Don't ever think that you are weak just because you can't tell him to leave or leave yourself. The plain fact that you were able to "accept" him after all that's happened, is more than one's strength expected, especially from a woman. Never underestimate your capabilities, especially to love and forgive.

I do not see the problem!



So he had an affair, big deal, I know your hurt and I am sorry for that but you will get over it. If you loved him you would have forgive him wouldn't you, as you haven't then you don't love him and that's probably why he did it.

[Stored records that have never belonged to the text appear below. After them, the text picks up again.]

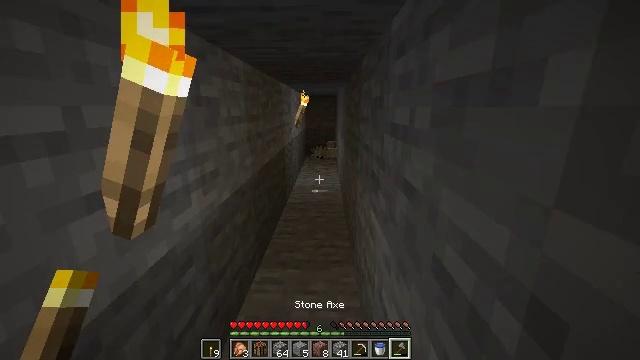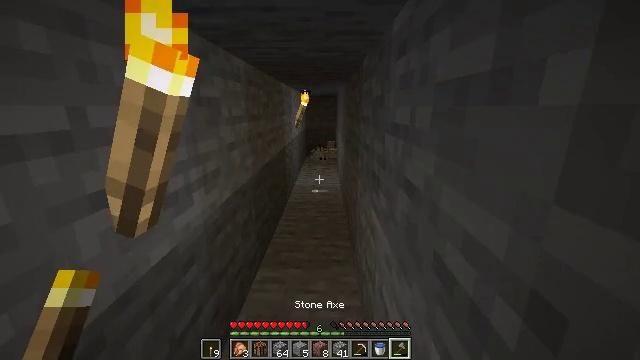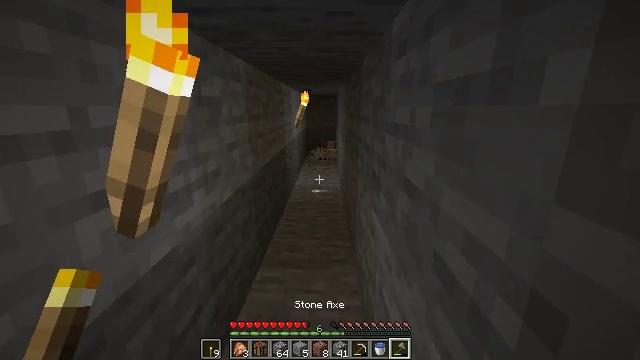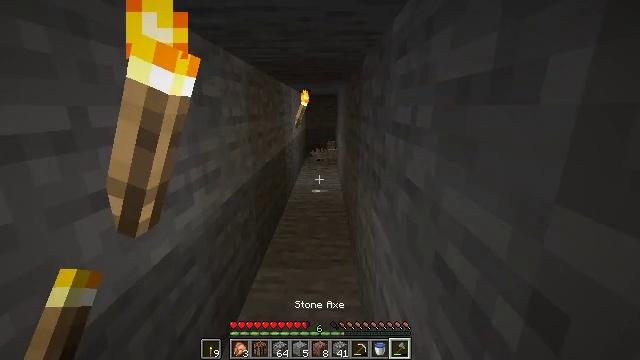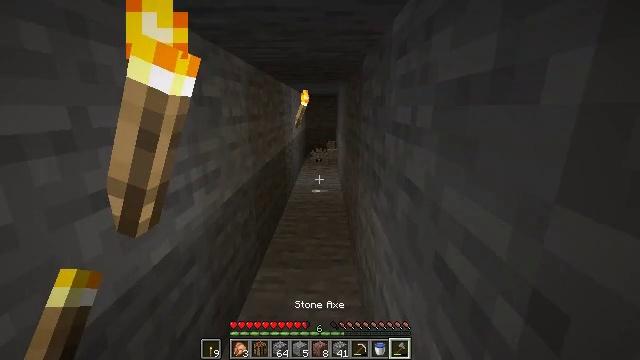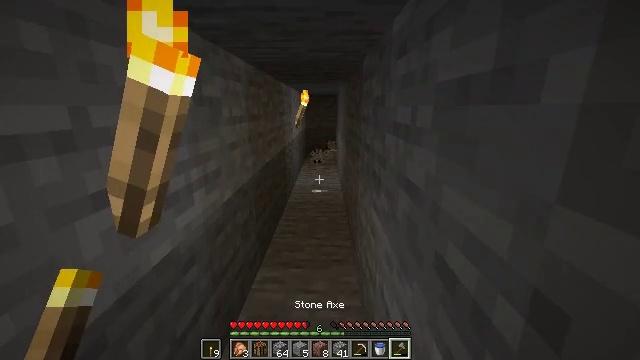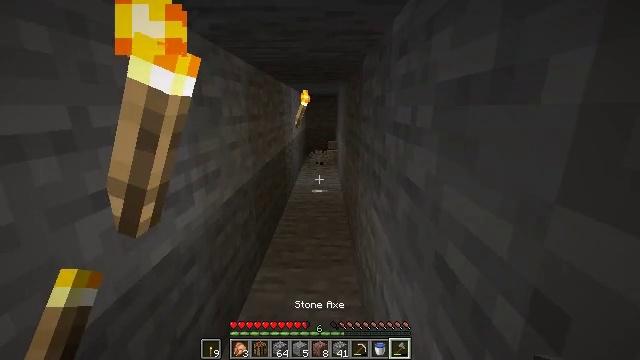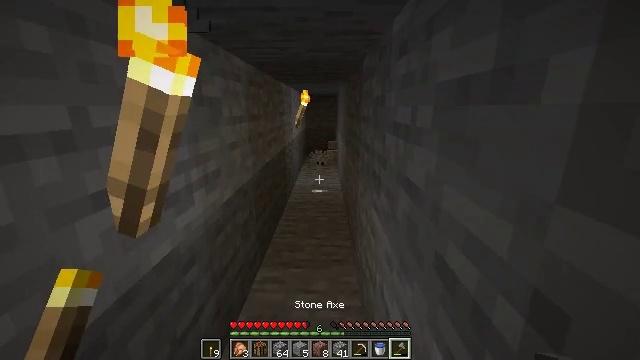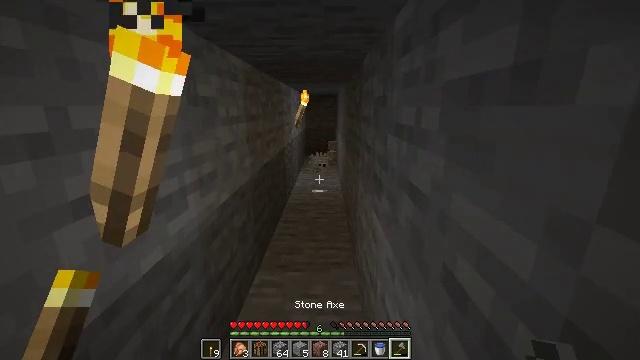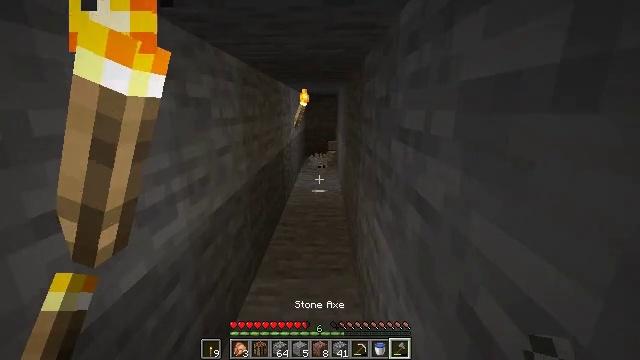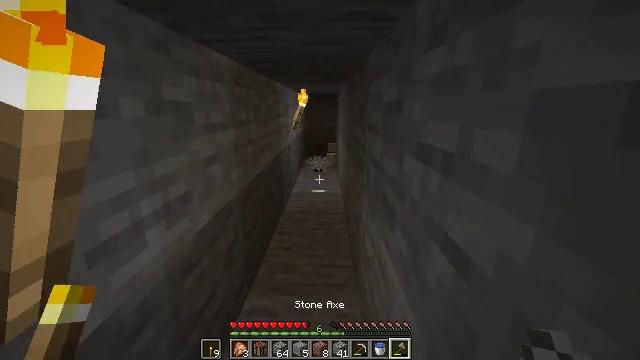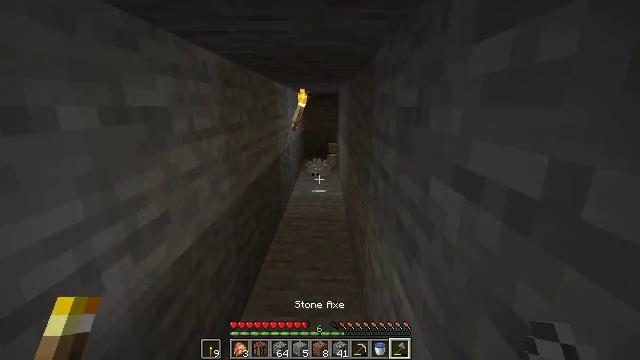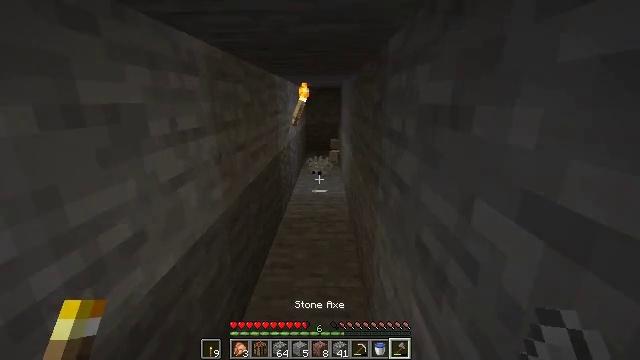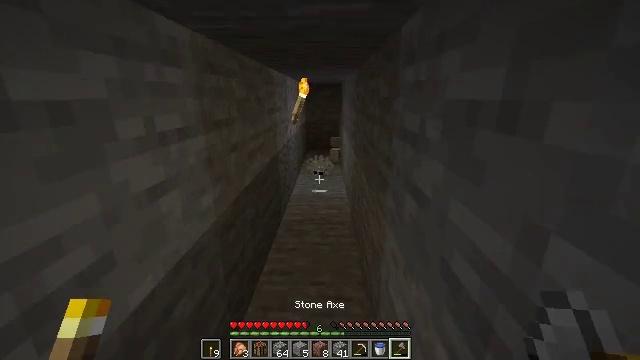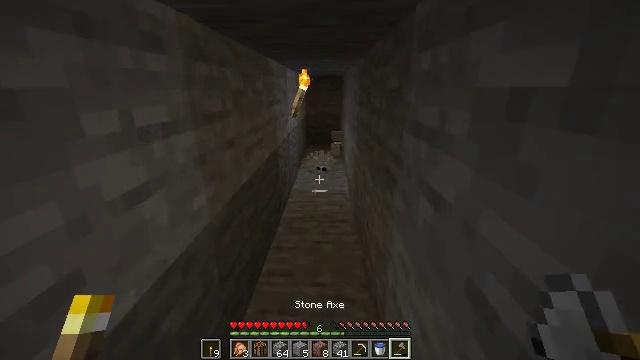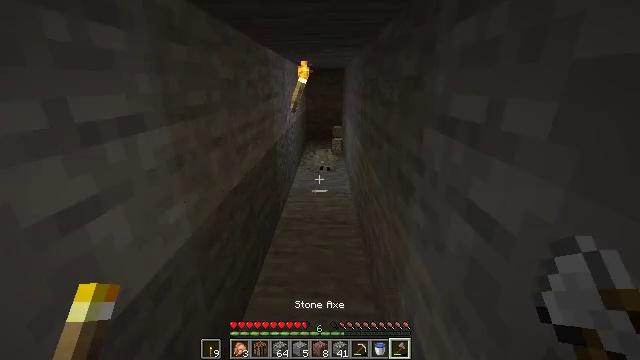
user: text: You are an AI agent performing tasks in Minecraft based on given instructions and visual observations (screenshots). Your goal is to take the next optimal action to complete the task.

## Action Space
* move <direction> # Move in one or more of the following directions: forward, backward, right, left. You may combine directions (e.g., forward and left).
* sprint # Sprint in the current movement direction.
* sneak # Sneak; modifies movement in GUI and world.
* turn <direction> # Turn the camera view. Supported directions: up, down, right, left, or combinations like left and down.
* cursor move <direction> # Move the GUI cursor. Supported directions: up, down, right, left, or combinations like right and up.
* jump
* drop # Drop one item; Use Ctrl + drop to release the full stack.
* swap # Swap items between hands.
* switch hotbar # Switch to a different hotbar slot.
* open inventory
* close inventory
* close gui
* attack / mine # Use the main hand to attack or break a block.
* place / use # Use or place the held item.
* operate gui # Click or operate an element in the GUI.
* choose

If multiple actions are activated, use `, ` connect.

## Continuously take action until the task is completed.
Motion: motion action
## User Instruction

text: Kill a silverfish.
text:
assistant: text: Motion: no_op
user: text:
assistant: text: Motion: no_op
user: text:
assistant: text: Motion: no_op
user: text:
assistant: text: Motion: no_op
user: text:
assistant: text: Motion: no_op
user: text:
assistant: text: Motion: no_op
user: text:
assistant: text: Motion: no_op
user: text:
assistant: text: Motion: move forward
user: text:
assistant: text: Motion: move forward
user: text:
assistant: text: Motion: move forward
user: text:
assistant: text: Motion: move forward
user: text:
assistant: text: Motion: move forward, turn down
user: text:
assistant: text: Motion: move forward
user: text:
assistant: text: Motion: move forward, turn down
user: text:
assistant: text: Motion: move forward, turn down
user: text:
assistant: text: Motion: move forward, turn down
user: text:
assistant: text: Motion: move forward
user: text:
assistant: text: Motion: turn down
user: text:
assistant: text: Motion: no_op
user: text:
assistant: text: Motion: no_op
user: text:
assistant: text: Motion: no_op
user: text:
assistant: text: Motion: no_op
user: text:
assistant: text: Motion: turn down
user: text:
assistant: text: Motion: attack / mine
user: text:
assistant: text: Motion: move back, attack / mine
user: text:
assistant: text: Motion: move back, attack / mine
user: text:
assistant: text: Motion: move back, attack / mine
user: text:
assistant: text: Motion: move back
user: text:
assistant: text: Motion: move back
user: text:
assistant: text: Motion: turn up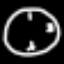
Label: clock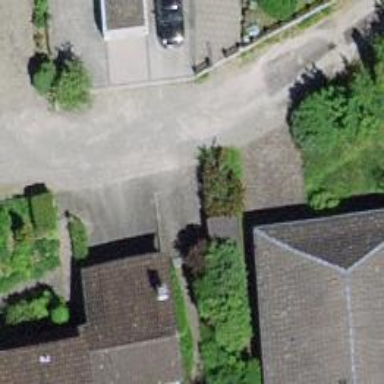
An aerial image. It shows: Unpaved driveway with service road designation.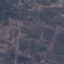
Label: HerbaceousVegetation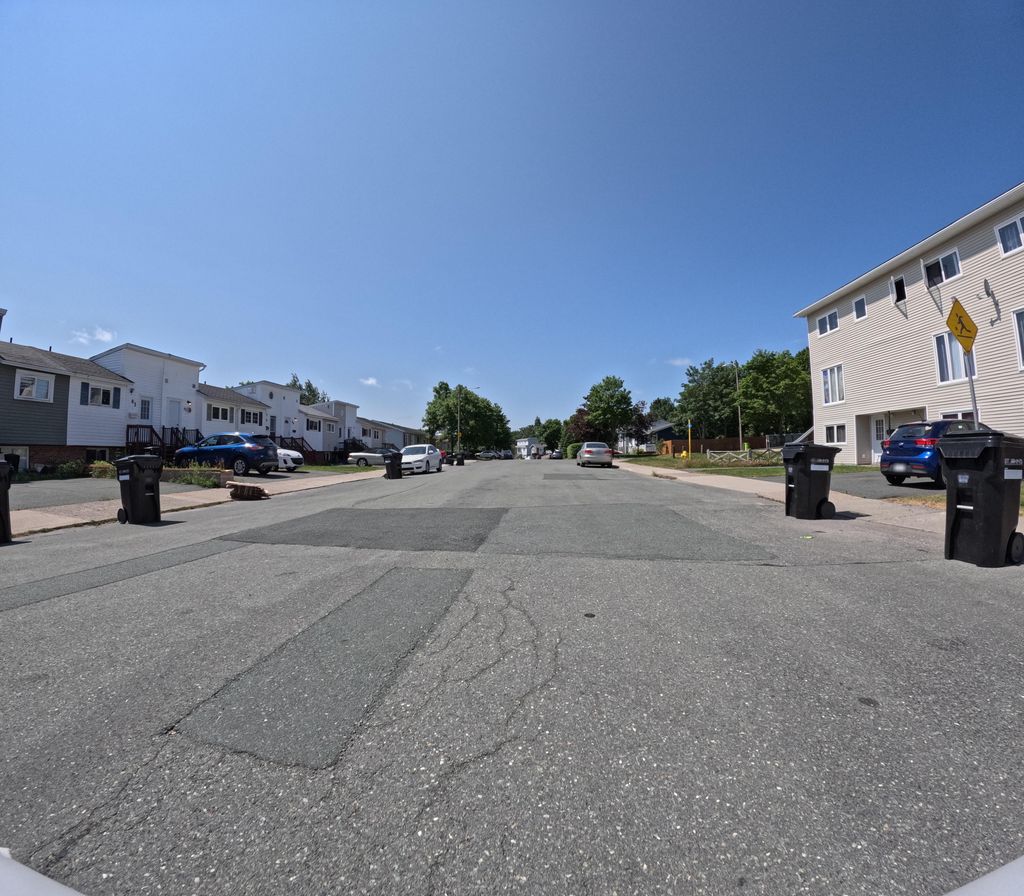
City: st_johns
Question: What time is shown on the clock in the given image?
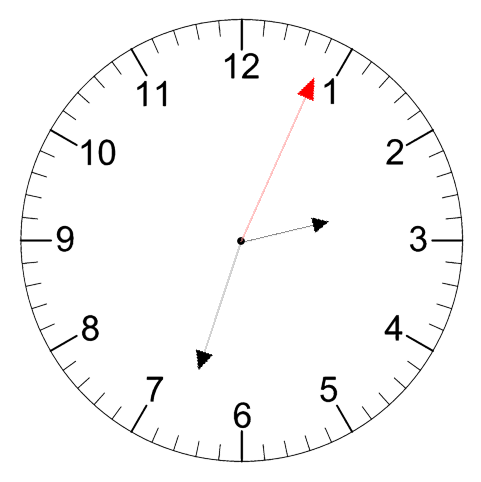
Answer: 02:33:04
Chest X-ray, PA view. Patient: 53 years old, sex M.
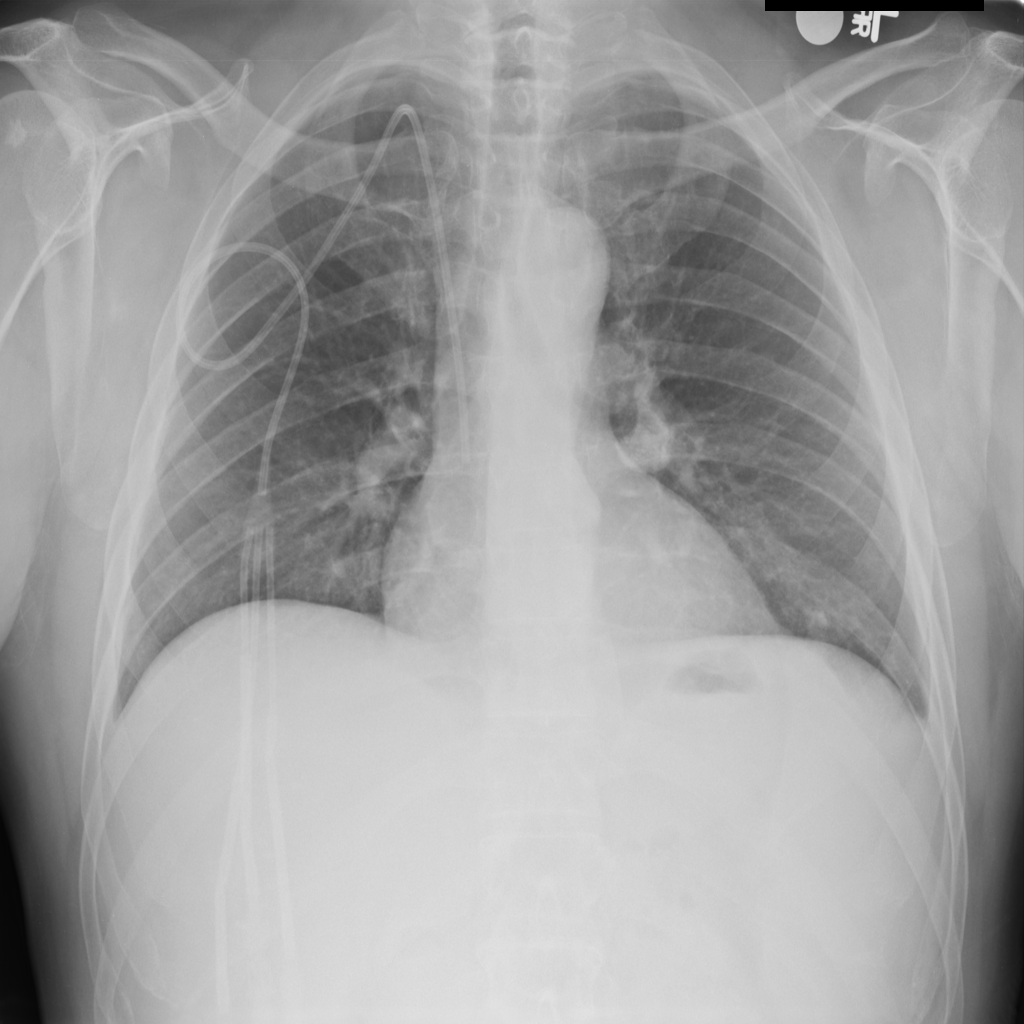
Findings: No Finding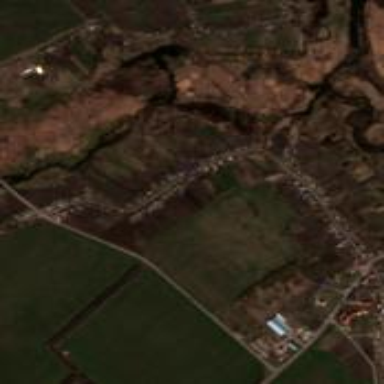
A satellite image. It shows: Rural residential area.

Ask yourself why he had the affair, something must have been missing that he needed to get somewhere else. Maybe you need to address that.



You could leave him and find someone else, what if they too have an affair, will you leave them, will it ever end?



Don't stay together for the sake of the kids, the last thing they need is to watch mum hate dad for the next how ever many years, they will just think that's how they act when they get married.



You have to do what YOU want to do and if that's leave then go. Now to later.



I hope you have a happy, healthy, long life whatever you decide to do.



ps...maybe you hit the nail on the head when you said "I want to be on my own" and the affair is just an excuse....hope I am wrong!

Hi arnab11, I dont think im strong enough to forgive him either. Im in a mess quite honestly.

if u love him and can feel that he's reallysorry..give him the second chance

Well it won't ever be "okay" once you leave, but that doesn't mean it won't get better.

I understand where you're coming from, and I know it's hard, but chances are he won't ever change. And that can have some serious effects on you not only as a person but medically as well.

Stay strong, even though it may not feel like you are.